Re: net: BUG still has locks held in unix_stream_splice_read

From: Dmitry Vyukov
Date: Mon Oct 10 2016 - 04:09:06 EST


On Mon, Oct 10, 2016 at 5:14 AM, Al Viro <viro@xxxxxxxxxxxxxxxxxx> wrote:
> On Mon, Oct 10, 2016 at 03:46:07AM +0100, Al Viro wrote:
>> On Sun, Oct 09, 2016 at 12:06:14PM +0200, Dmitry Vyukov wrote:
>> > I suspect this is:
>> >
>> > commit 25869262ef7af24ccde988867ac3eb1c3d4b88d4
>> > Author: Al Viro <viro@xxxxxxxxxxxxxxxxxx>
>> > Date: Sat Sep 17 21:02:10 2016 -0400
>> > skb_splice_bits(): get rid of callback
>> > since pipe_lock is the outermost now, we don't need to drop/regain
>> > socket locks around the call of splice_to_pipe() from skb_splice_bits(),
>> > which kills the need to have a socket-specific callback; we can just
>> > call splice_to_pipe() and be done with that.
>>
>> Unlikely, since that particular commit removes unlocking/relocking ->iolock
>> around the call of splice_to_pipe(). Original would've retaken the same
>> lock on the way out; it's not as if we could leave the syscall there.
>>
>> It might be splice-related, but I don't believe that you've got the right
>> commit here.
>
> It's not that commit

It's highly likely. Sorry for falsely pointing to your commit.

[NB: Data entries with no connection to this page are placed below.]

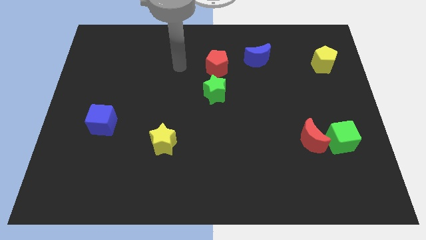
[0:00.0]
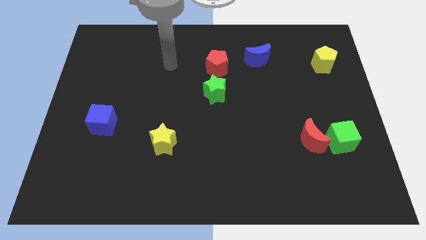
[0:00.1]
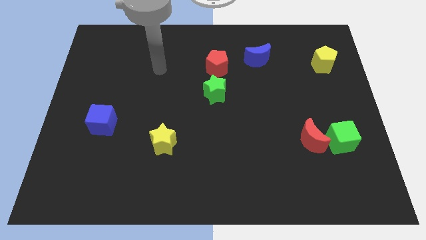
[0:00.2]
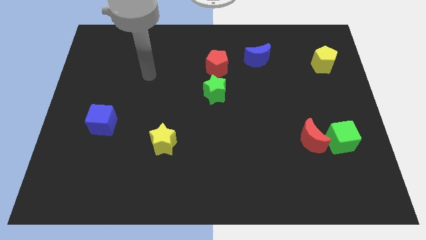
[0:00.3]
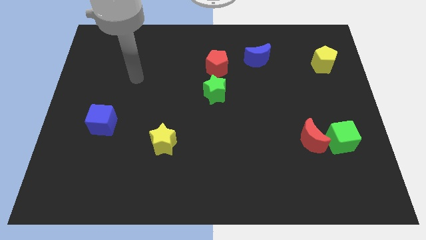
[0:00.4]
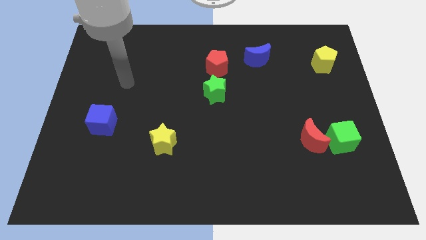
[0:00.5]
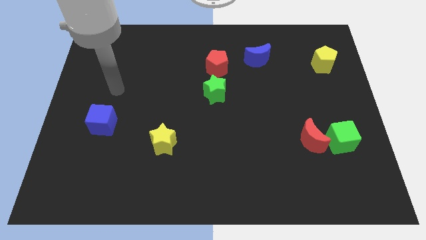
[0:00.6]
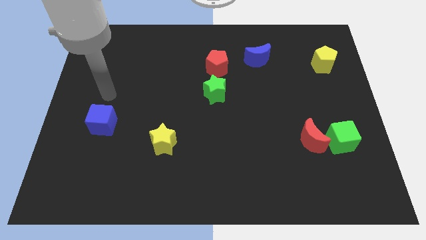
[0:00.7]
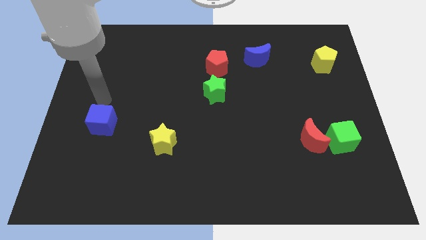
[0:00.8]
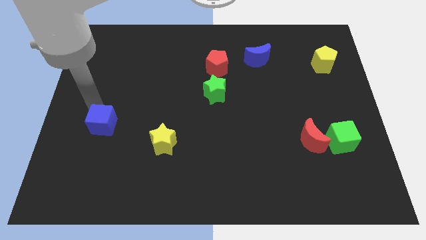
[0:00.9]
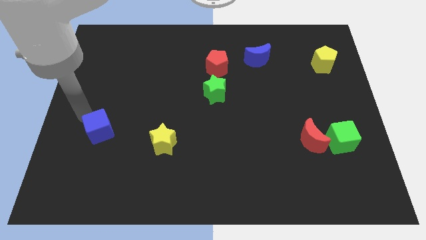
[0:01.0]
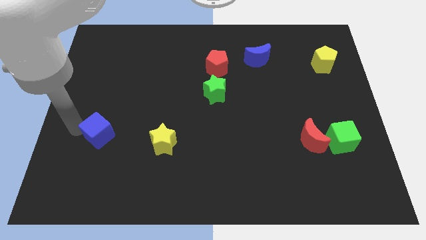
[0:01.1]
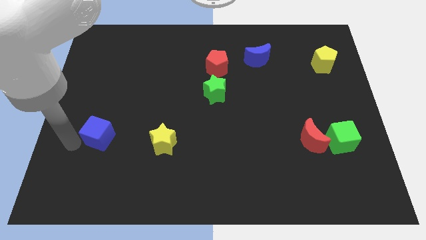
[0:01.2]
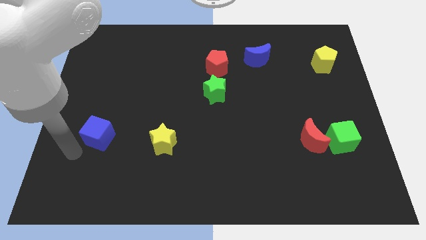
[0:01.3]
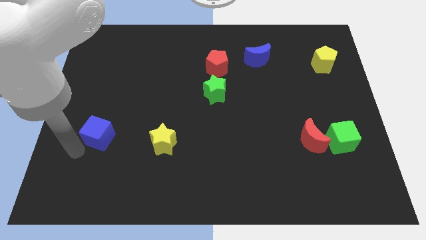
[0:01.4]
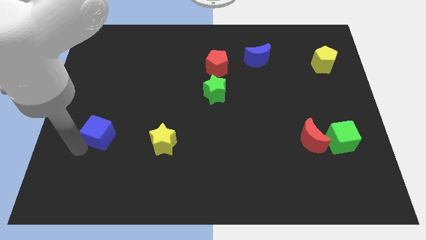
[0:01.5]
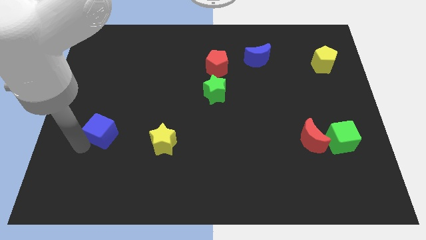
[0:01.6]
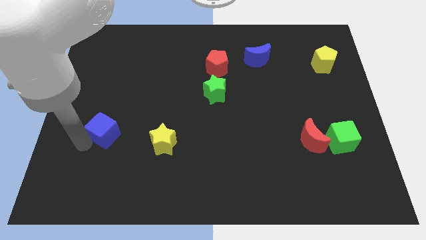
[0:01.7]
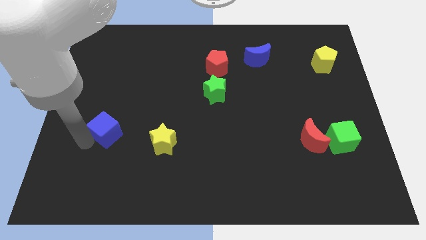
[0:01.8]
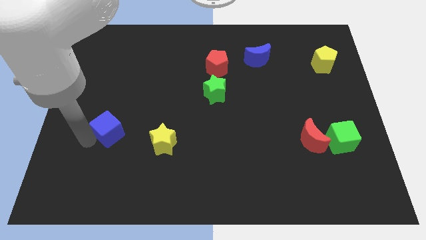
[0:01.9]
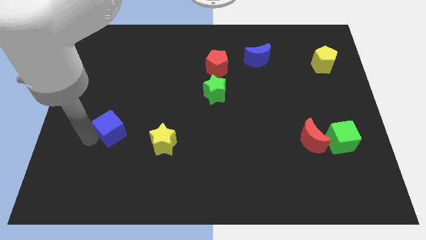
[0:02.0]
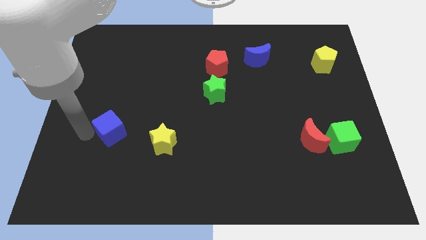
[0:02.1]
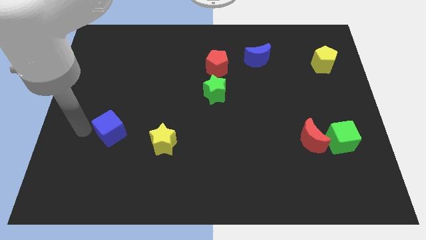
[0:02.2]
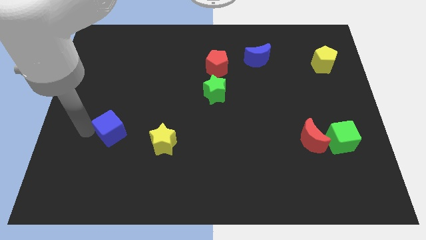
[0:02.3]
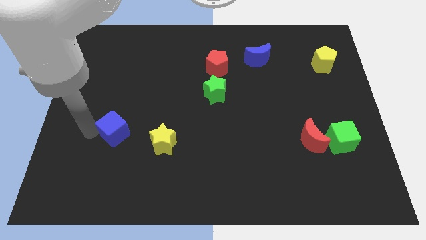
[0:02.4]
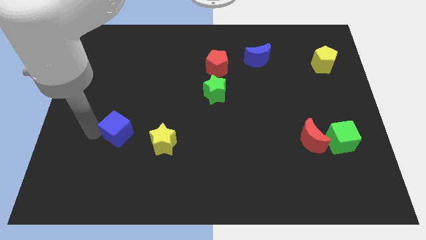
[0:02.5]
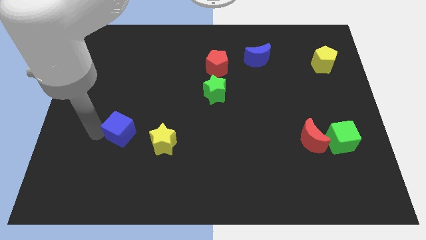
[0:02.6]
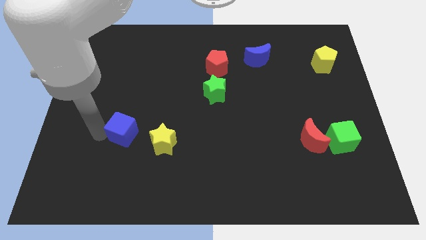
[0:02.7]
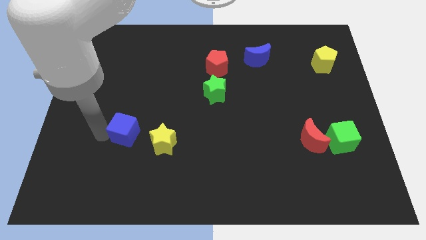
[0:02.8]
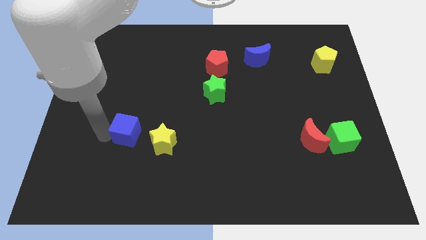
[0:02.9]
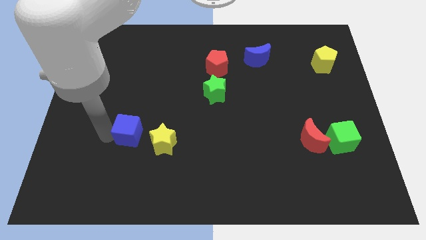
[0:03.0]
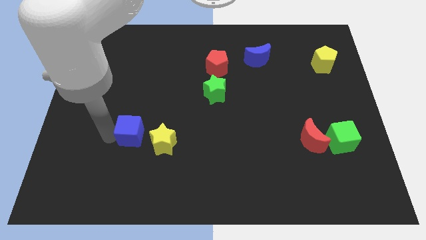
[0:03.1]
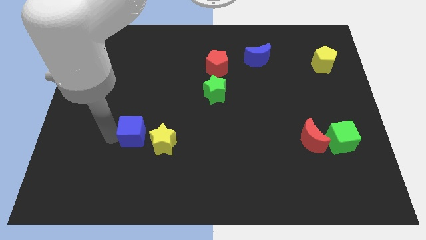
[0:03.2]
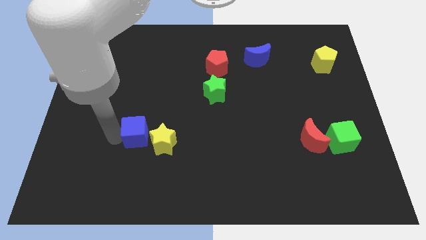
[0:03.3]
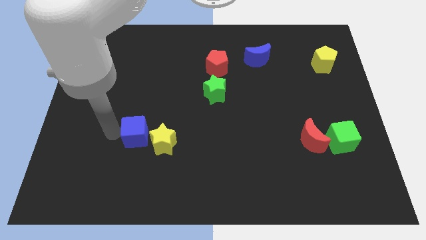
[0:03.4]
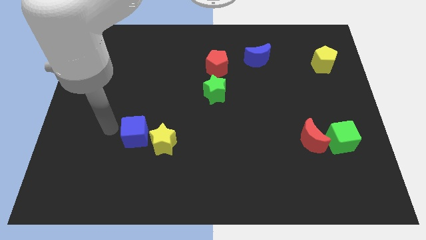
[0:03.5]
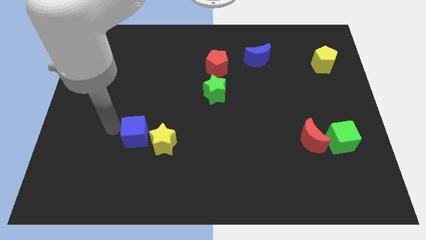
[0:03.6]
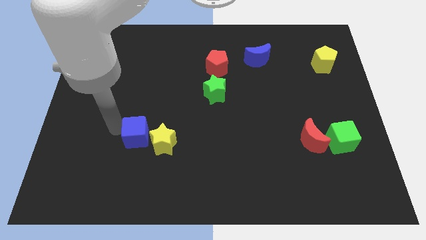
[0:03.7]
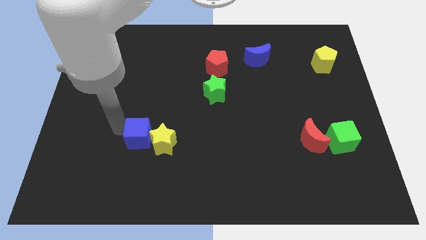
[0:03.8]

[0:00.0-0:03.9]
put the blue cube to the yellow star

> , all right - it's "can't call unix_stream_read_generic()
> with any locks held" stepped onto a couple of commits prior by
> "splice: lift pipe_lock out of splice_to_pipe()". Could somebody explain
> what is that about?
>
> E.g what will happen if some code does a read on AF_UNIX socket with
> some local mutex held? AFAICS, there are exactly two callers of
> freezable_schedule_timeout() - this one and one in XFS; the latter is
> in a kernel thread where we do have good warranties about the locking
> environment, but here it's in the bleeding ->recvmsg/->splice_read and
> for those assumption that caller doesn't hold any locks is pretty
> strong, especially since it's not documented anywhere.
>
> What's going on there?

I never saw that warning before. There is some possibility that fuzzer
has discovered some new paths, but it's much more likely that
something has changed recently (the stack looks quite simple -- just a
splice from unix socket). And my previous pull was like a week ago.